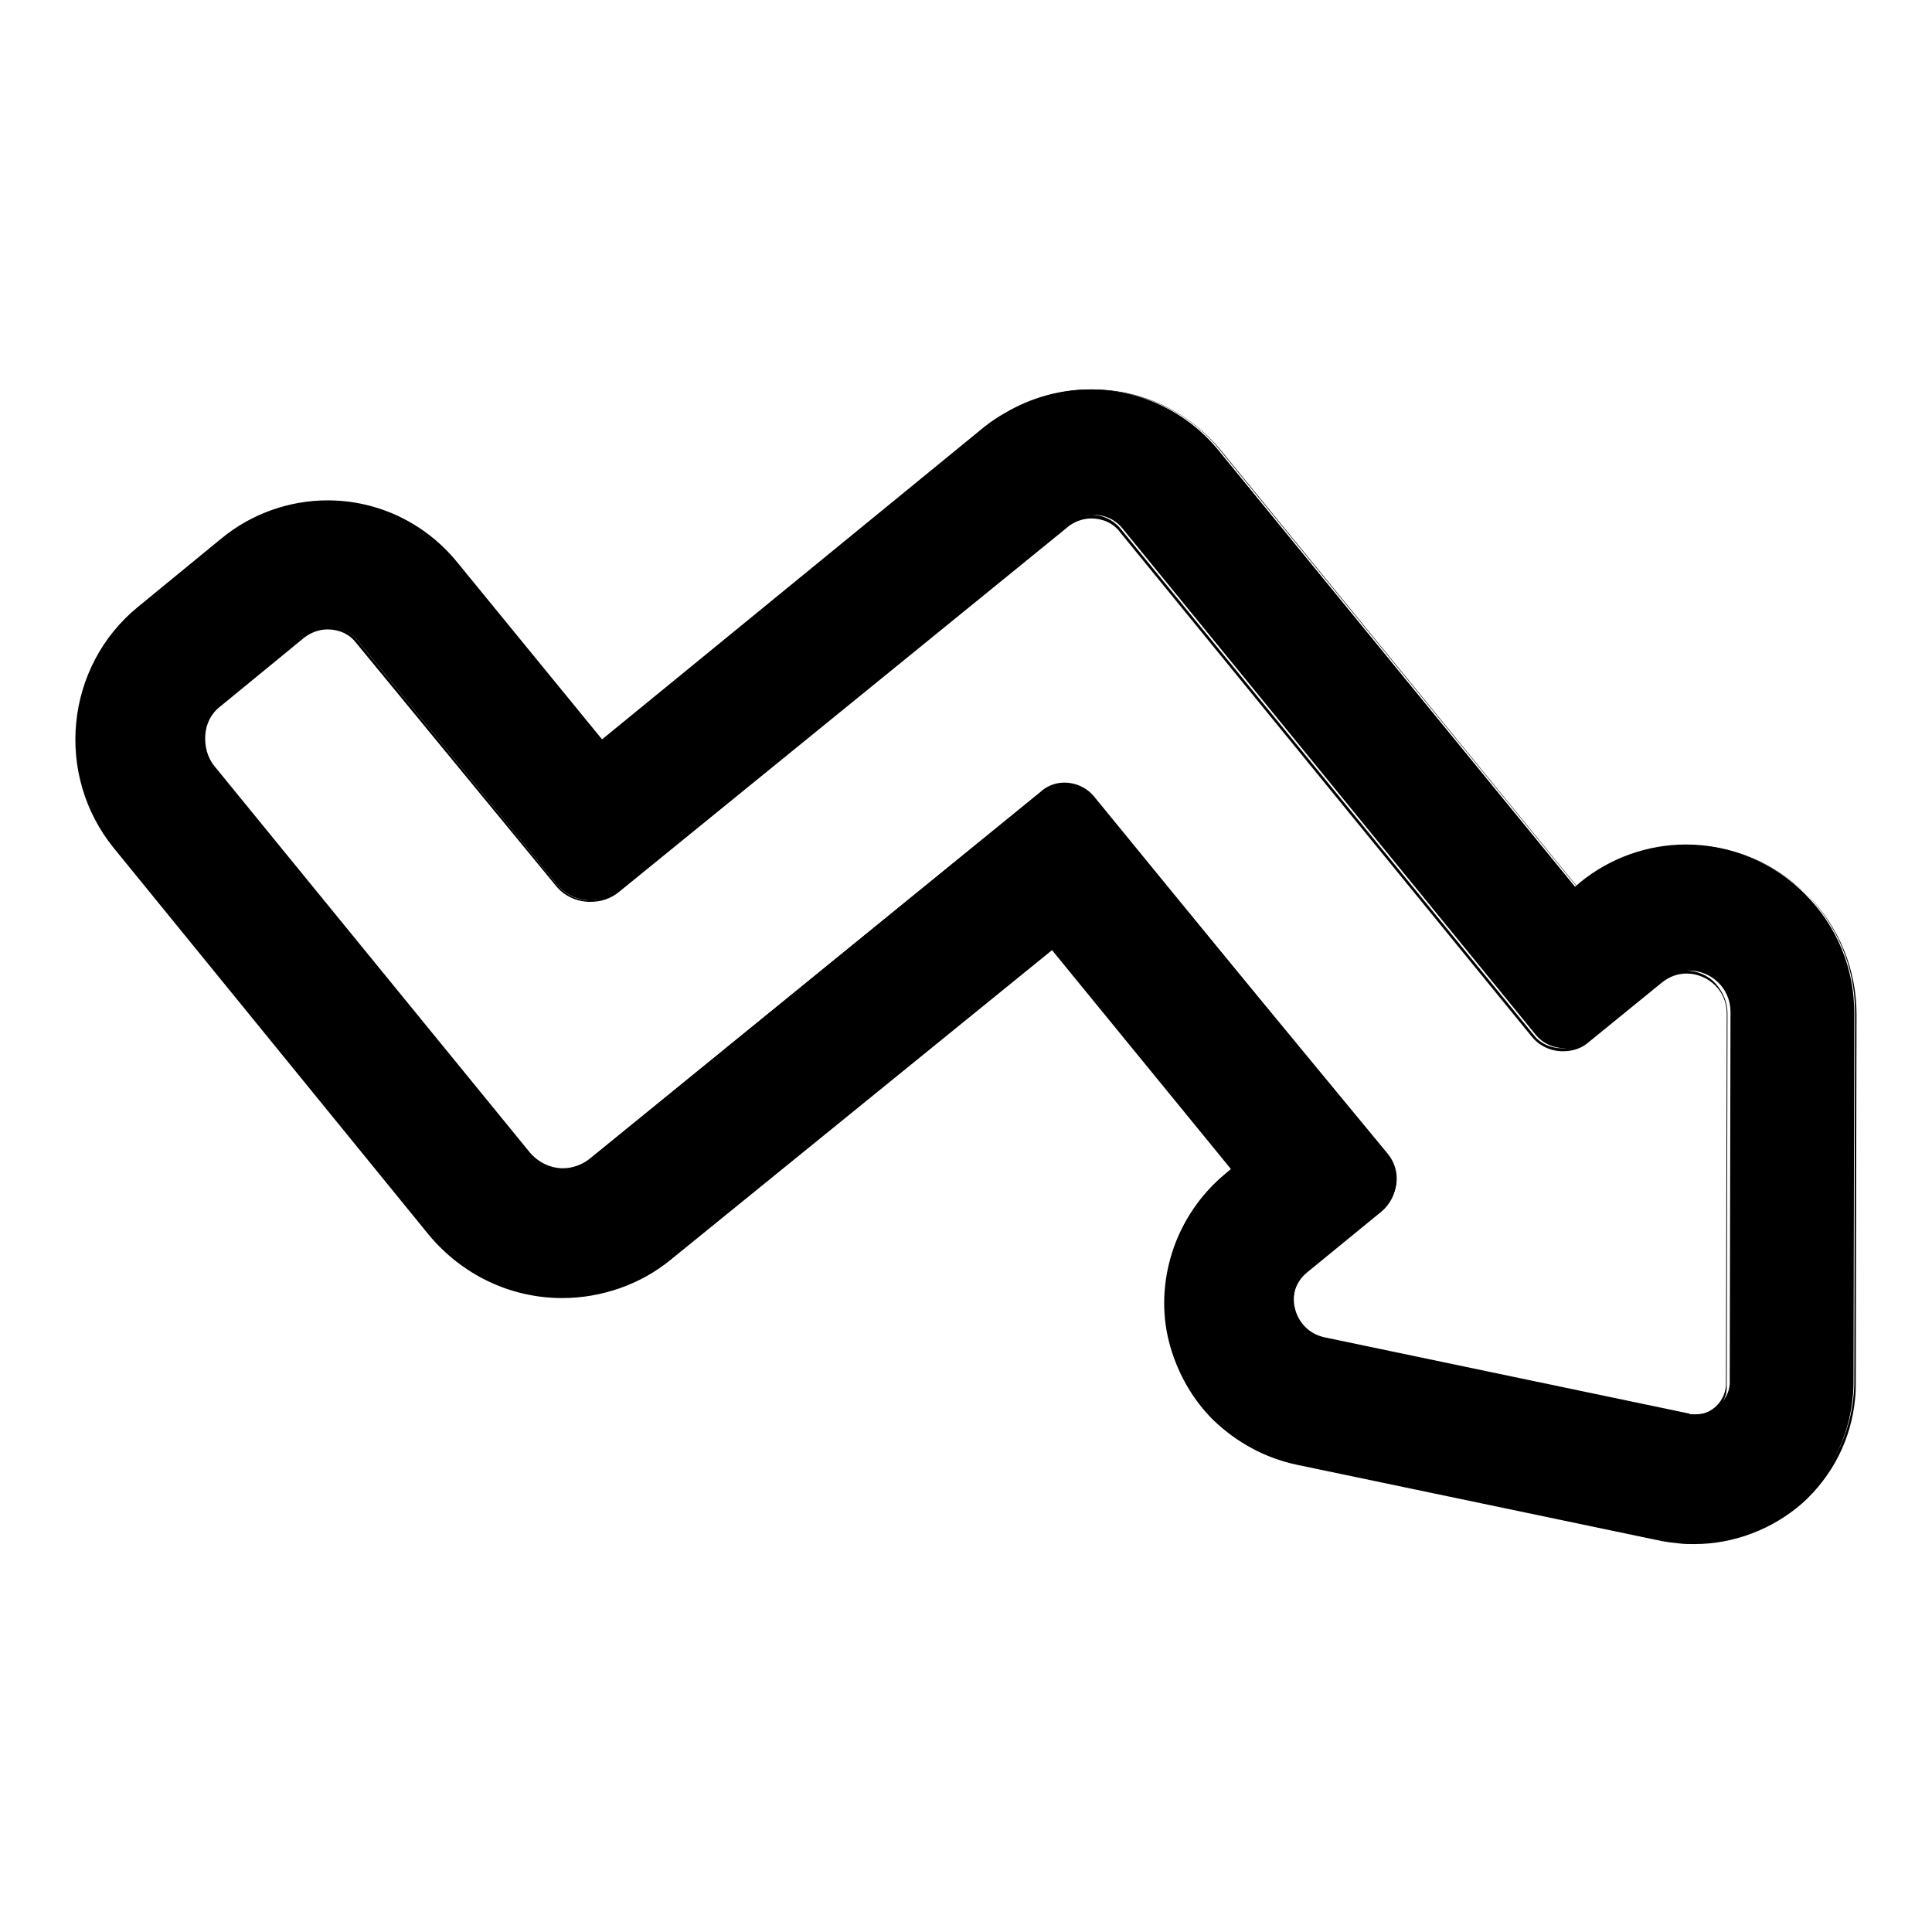 <?xml version="1.0" encoding="utf-8"?>
<!-- Svg Vector Icons : http://www.onlinewebfonts.com/icon -->
<!DOCTYPE svg PUBLIC "-//W3C//DTD SVG 1.1//EN" "http://www.w3.org/Graphics/SVG/1.1/DTD/svg11.dtd">
<svg version="1.1" xmlns="http://www.w3.org/2000/svg" xmlns:xlink="http://www.w3.org/1999/xlink" x="0px" y="0px" viewBox="0 0 256 256" enable-background="new 0 0 256 256" xml:space="preserve">
<g><g><g><g><g><path fill="#000000" d="M57,163.4c4.3,5.3,10.7,8.3,17.5,8.3c5.2,0,10.3-1.8,14.3-5.1l50.6-41.2l24,29.4l-0.9,0.7c-3.3,2.7-5.8,6.3-7.1,10.4c-1.2,3.8-1.3,7.9-0.4,11.7c0.9,3.9,2.9,7.4,5.7,10.2c3,3,6.9,5.1,11.1,6l48.3,10.1c0.5,0.1,1.3,0.2,2.2,0.3c0.7,0.1,1.4,0.1,2.1,0.1c5.3,0,10.3-1.9,14.2-5.5c4-3.5,6.4-8.4,6.9-13.7c0.1-0.9,0.1-1.6,0.1-2l0.1-48.9c0-5.9-2.3-11.5-6.5-15.7c-4.1-4.2-9.9-6.6-15.8-6.6c-5.1,0-10.1,1.8-14,5l-0.7,0.6l-47.3-57.9c-4.2-5.1-10.4-8-17-8c-3.9,0-7.8,1.1-11.2,3.1c-0.9,0.5-1.8,1.1-2.7,1.8l-51,41.7L60.3,74.4c-4.2-5.1-10.4-8-17-8c-5,0-9.9,1.8-13.8,4.9l-11.1,9.1c-9.6,7.9-11.1,22.1-3.2,31.7L57,163.4z M29.1,93.4l11.1-9.1c1-0.8,2.1-1.2,3.3-1.2c1.5,0,3,0.6,4,1.9l26.3,32.2c1.2,1.4,2.8,2.1,4.5,2.1c1.3,0,2.6-0.4,3.7-1.3l59.5-48.6l0,0c1-0.8,2.1-1.2,3.3-1.2c1.5,0,3,0.6,4,1.9l54.6,66.9c1,1.3,2.5,1.9,4,1.9c1.1,0,2.3-0.4,3.3-1.2l9.7-7.9c1-0.8,2.2-1.2,3.4-1.2c2.8,0,5.5,2.2,5.5,5.5l-0.1,48.9c0,0.1,0,0.3,0,0.4c-0.2,2.3-2.2,4-4.5,4c-0.1,0-0.3,0-0.5,0c-0.1,0-0.3,0-0.4-0.1l-48.3-10.1c-4.2-0.9-5.5-6.3-2.2-9l9.9-8.1c2.2-1.8,2.5-5,0.7-7.2L145,105.8c-1-1.3-2.5-1.9-4-1.9c-1.1,0-2.3,0.4-3.3,1.2l-59.6,48.5c-1.1,0.9-2.4,1.3-3.7,1.3c-1.7,0-3.4-0.7-4.5-2.1l-41.8-51.2C26.2,99.1,26.6,95.4,29.1,93.4z"/><path fill="#000000" d="M224.5,204.6c-0.7,0-1.4,0-2.1-0.1c-1-0.1-1.7-0.2-2.2-0.3l-48.3-10.1c-4.3-0.9-8.1-3-11.2-6c-2.8-2.8-4.8-6.4-5.8-10.3c-1-3.9-0.8-8,0.4-11.8c1.3-4.1,3.8-7.8,7.1-10.5l0.7-0.6l-23.7-29l-50.5,41c-4,3.3-9.2,5.1-14.4,5.1c-6.9,0-13.3-3.1-17.7-8.4l-41.7-51.2c-7.9-9.7-6.5-24.1,3.2-32l11.1-9.1c3.9-3.2,8.9-5,14-5c6.7,0,12.9,3,17.1,8.1l19.3,23.6l50.9-41.5c0.8-0.7,1.8-1.3,2.7-1.8c3.4-2,7.3-3.1,11.3-3.1c6.7,0,12.9,3,17.1,8.1l47.2,57.8l0.5-0.4c4-3.3,9-5.1,14.1-5.1c5.9,0,11.7,2.4,15.9,6.6c4.2,4.2,6.5,9.9,6.5,15.8l-0.1,48.9c0,0.5,0,1.2-0.1,2.1c-0.5,5.3-3,10.2-7,13.8C234.9,202.6,229.8,204.6,224.5,204.6z M139.4,125.1l0.1,0.1l24.1,29.5l-1.1,0.9c-3.3,2.7-5.7,6.3-7,10.4c-1.2,3.8-1.3,7.8-0.3,11.6c0.9,3.8,2.9,7.3,5.7,10.1c3,3,6.8,5.1,11,5.9l48.4,10c0.5,0.1,1.3,0.2,2.2,0.3c0.7,0.1,1.4,0.1,2.1,0.1c5.2,0,10.2-1.9,14.1-5.4c3.9-3.5,6.4-8.3,6.9-13.6c0.1-0.9,0.1-1.6,0.1-2l0.1-48.9c0-5.9-2.3-11.4-6.4-15.6c-4.1-4.1-9.8-6.5-15.6-6.5c-5,0-10,1.8-13.9,5l-0.8,0.7l-47.4-58c-4.1-5.1-10.3-8-16.8-8c-3.9,0-7.7,1.1-11.1,3.1c-0.9,0.5-1.8,1.1-2.7,1.8L79.7,98.5L60.2,74.6c-4.1-5.1-10.3-8-16.8-8c-5,0-9.9,1.7-13.7,4.9l-11.1,9.1c-9.6,7.8-11,21.9-3.2,31.5l41.8,51.2c4.3,5.3,10.6,8.2,17.4,8.2c5.1,0,10.2-1.8,14.1-5L139.4,125.1z M224.5,187.8c-0.1,0-0.3,0-0.5,0c-0.1,0-0.3,0-0.5-0.1l-48.3-10.1c-2-0.4-3.6-1.9-4.1-3.9c-0.5-2,0.2-4.1,1.8-5.4l9.9-8.1c2.1-1.7,2.4-4.8,0.7-7l-38.7-47.3c-0.9-1.2-2.3-1.8-3.8-1.8c-1.1,0-2.2,0.4-3.1,1.1l-59.6,48.5c-1.1,0.9-2.4,1.3-3.8,1.3c-1.8,0-3.5-0.8-4.7-2.2l-41.8-51.2c-1-1.3-1.5-2.8-1.3-4.4c0.2-1.6,0.9-3,2.2-4L40,84.2c0.9-0.8,2.1-1.2,3.4-1.2c1.6,0,3.1,0.7,4.1,2l26.3,32.2c1.1,1.3,2.6,2.1,4.4,2.1c1.3,0,2.6-0.5,3.5-1.3l59.6-48.7l0,0c0.9-0.7,2-1.1,3.2-1.1c1.6,0,3.1,0.7,4.1,2l54.6,66.9c0.9,1.2,2.3,1.8,3.8,1.8c1.1,0,2.2-0.4,3.1-1.1l9.7-7.9c1-0.8,2.2-1.3,3.5-1.3c1.5,0,3,0.6,4,1.7c1,1.1,1.6,2.5,1.6,4l-0.1,49c0,0.1,0,0.3,0,0.4C228.9,186,226.9,187.8,224.5,187.8z M141,103.7c1.6,0,3.1,0.7,4.1,2l38.7,47.3c1.9,2.3,1.5,5.6-0.7,7.5l-9.9,8.1c-1.5,1.2-2.1,3.1-1.7,5c0.5,1.9,1.9,3.3,3.8,3.7l48.3,10.1c0.1,0,0.3,0,0.4,0.1c2.4,0.2,4.5-1.5,4.7-3.9c0-0.1,0-0.3,0-0.4l0.1-48.9c0-1.4-0.5-2.7-1.5-3.7c-1-1-2.4-1.6-3.8-1.6c-1.2,0-2.3,0.4-3.3,1.2l-9.7,7.9c-0.9,0.8-2.1,1.2-3.4,1.2c-1.6,0-3.1-0.7-4.1-1.9l-54.6-66.9c-0.9-1.2-2.3-1.8-3.8-1.8c-1.1,0-2.2,0.4-3.1,1.1l-0.1,0.1l0,0L82,118.2c-1.1,0.9-2.4,1.3-3.8,1.3c-1.8,0-3.5-0.8-4.6-2.2L47.2,85.2c-0.9-1.2-2.3-1.8-3.8-1.8c-1.1,0-2.2,0.4-3.1,1.1l-11.1,9.1c-1.2,0.9-1.9,2.3-2,3.8c-0.1,1.5,0.3,3,1.2,4.1l41.8,51.2c1.1,1.3,2.7,2.1,4.4,2.1c1.3,0,2.6-0.5,3.6-1.3l59.6-48.5C138.6,104.2,139.8,103.7,141,103.7z"/></g></g></g><g></g><g></g><g></g><g></g><g></g><g></g><g></g><g></g><g></g><g></g><g></g><g></g><g></g><g></g><g></g></g></g>
</svg>
----
What to produce: The answer is the lines above between the line holding "<!-- Svg Vector" and the line holding "<!DOCTYPE svg PUBLIC", inclusive, each written out exactly, and no others.

Answer space:
<!-- Svg Vector Icons : http://www.onlinewebfonts.com/icon -->
<!DOCTYPE svg PUBLIC "-//W3C//DTD SVG 1.1//EN" "http://www.w3.org/Graphics/SVG/1.1/DTD/svg11.dtd">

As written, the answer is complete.